Each entry should be returned exactly as written, with no pictures carried over.

──────── DATA TO PROCESS

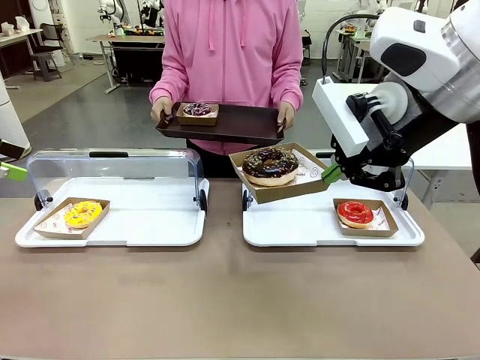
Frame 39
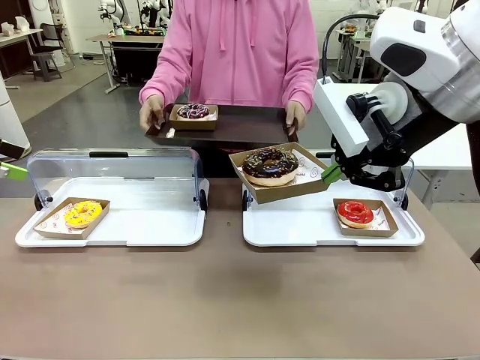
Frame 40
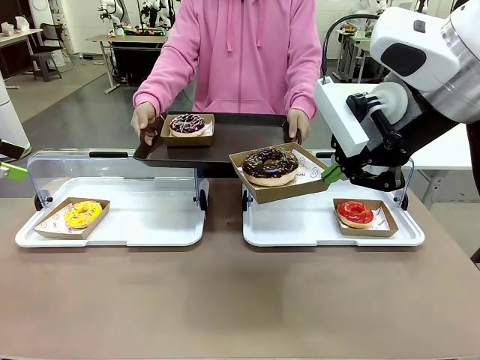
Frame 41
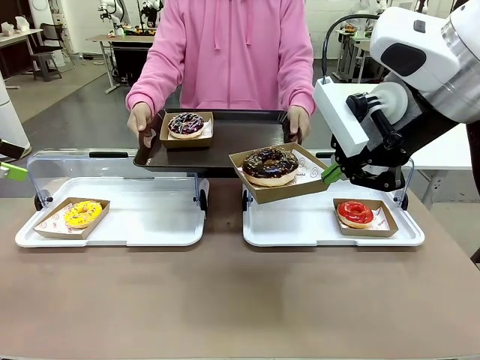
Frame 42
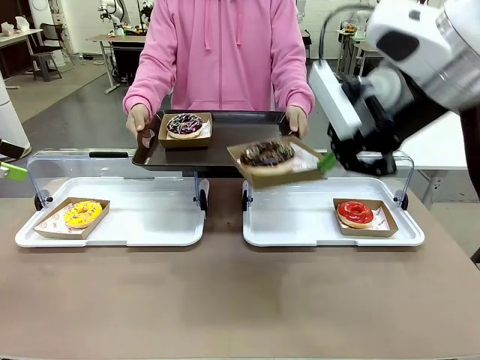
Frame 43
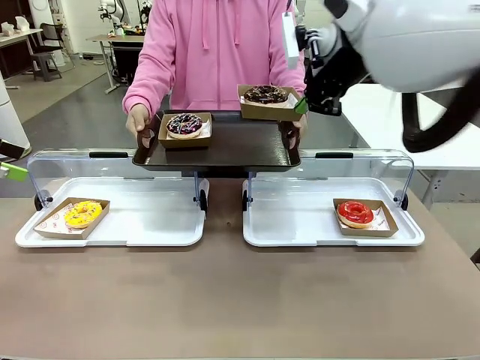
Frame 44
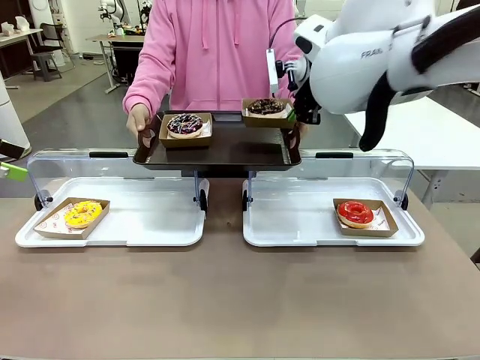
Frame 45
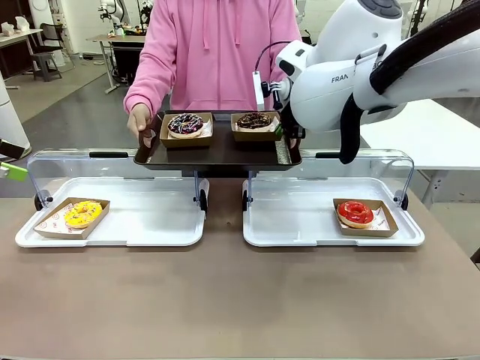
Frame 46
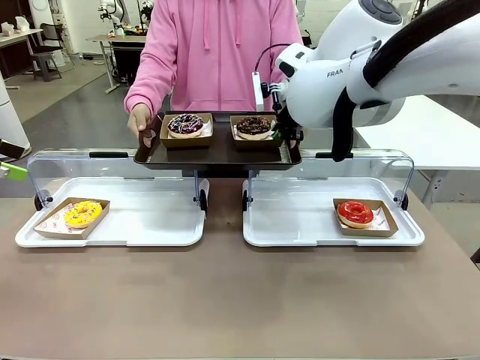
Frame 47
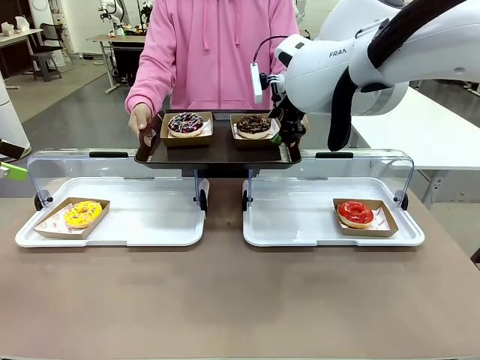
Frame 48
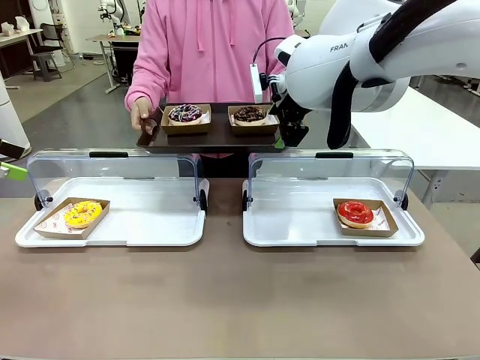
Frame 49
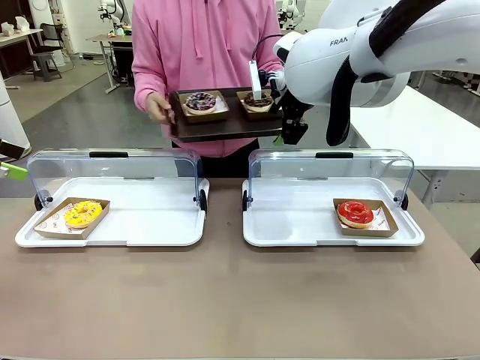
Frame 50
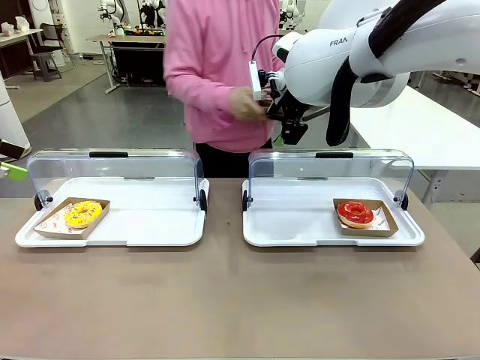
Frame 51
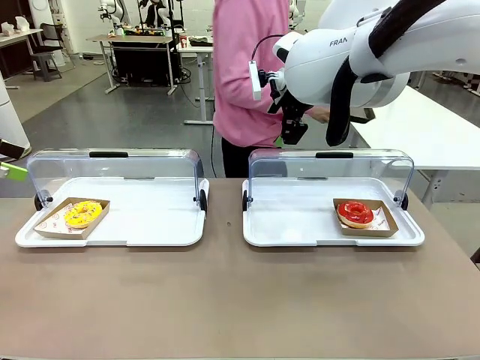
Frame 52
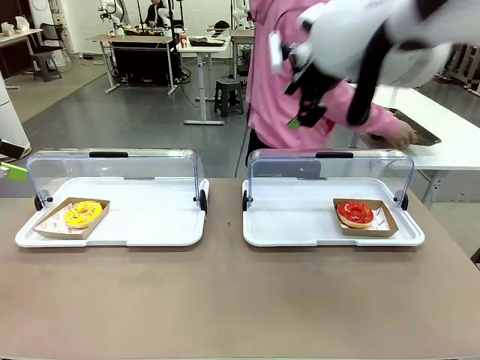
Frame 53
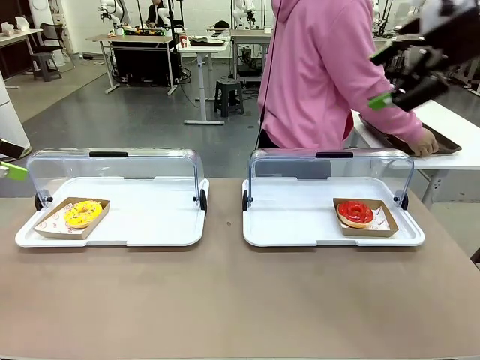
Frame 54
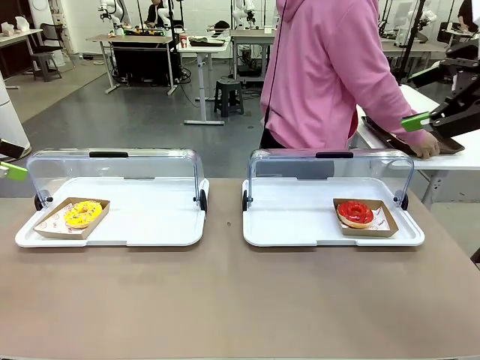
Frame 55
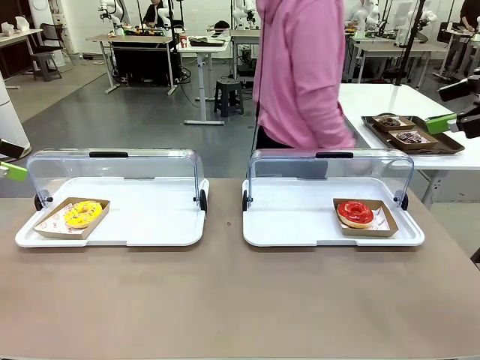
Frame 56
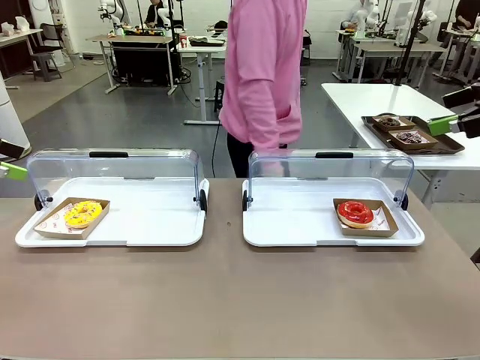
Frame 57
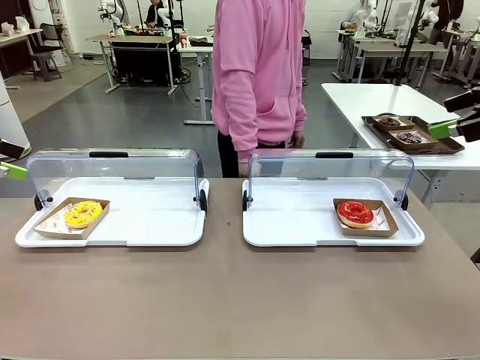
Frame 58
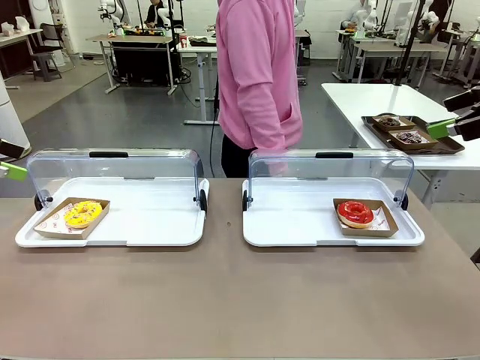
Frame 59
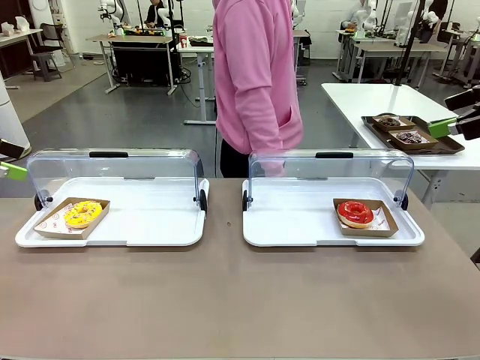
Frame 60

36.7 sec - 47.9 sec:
Task: Provide the desired donut to the person.
Robot: Place the picked Paper togo box onto the Handle tray extended by the person.
Person: Place the tray in the middle of the human table.

────────────────

• [TASK SOLUTION]:
Frame 39
Frame 40
Frame 41
Frame 42
Frame 43
Frame 44
Frame 45
Frame 46
Frame 47
Frame 48
Frame 49
Frame 50
Frame 51
Frame 52
Frame 53
Frame 54
Frame 55
Frame 56
Frame 57
Frame 58
Frame 59
Frame 60

36.7 sec - 47.9 sec:
Task: Provide the desired donut to the person.
Robot: Place the picked Paper togo box onto the Handle tray extended by the person.
Person: Place the tray in the middle of the human table.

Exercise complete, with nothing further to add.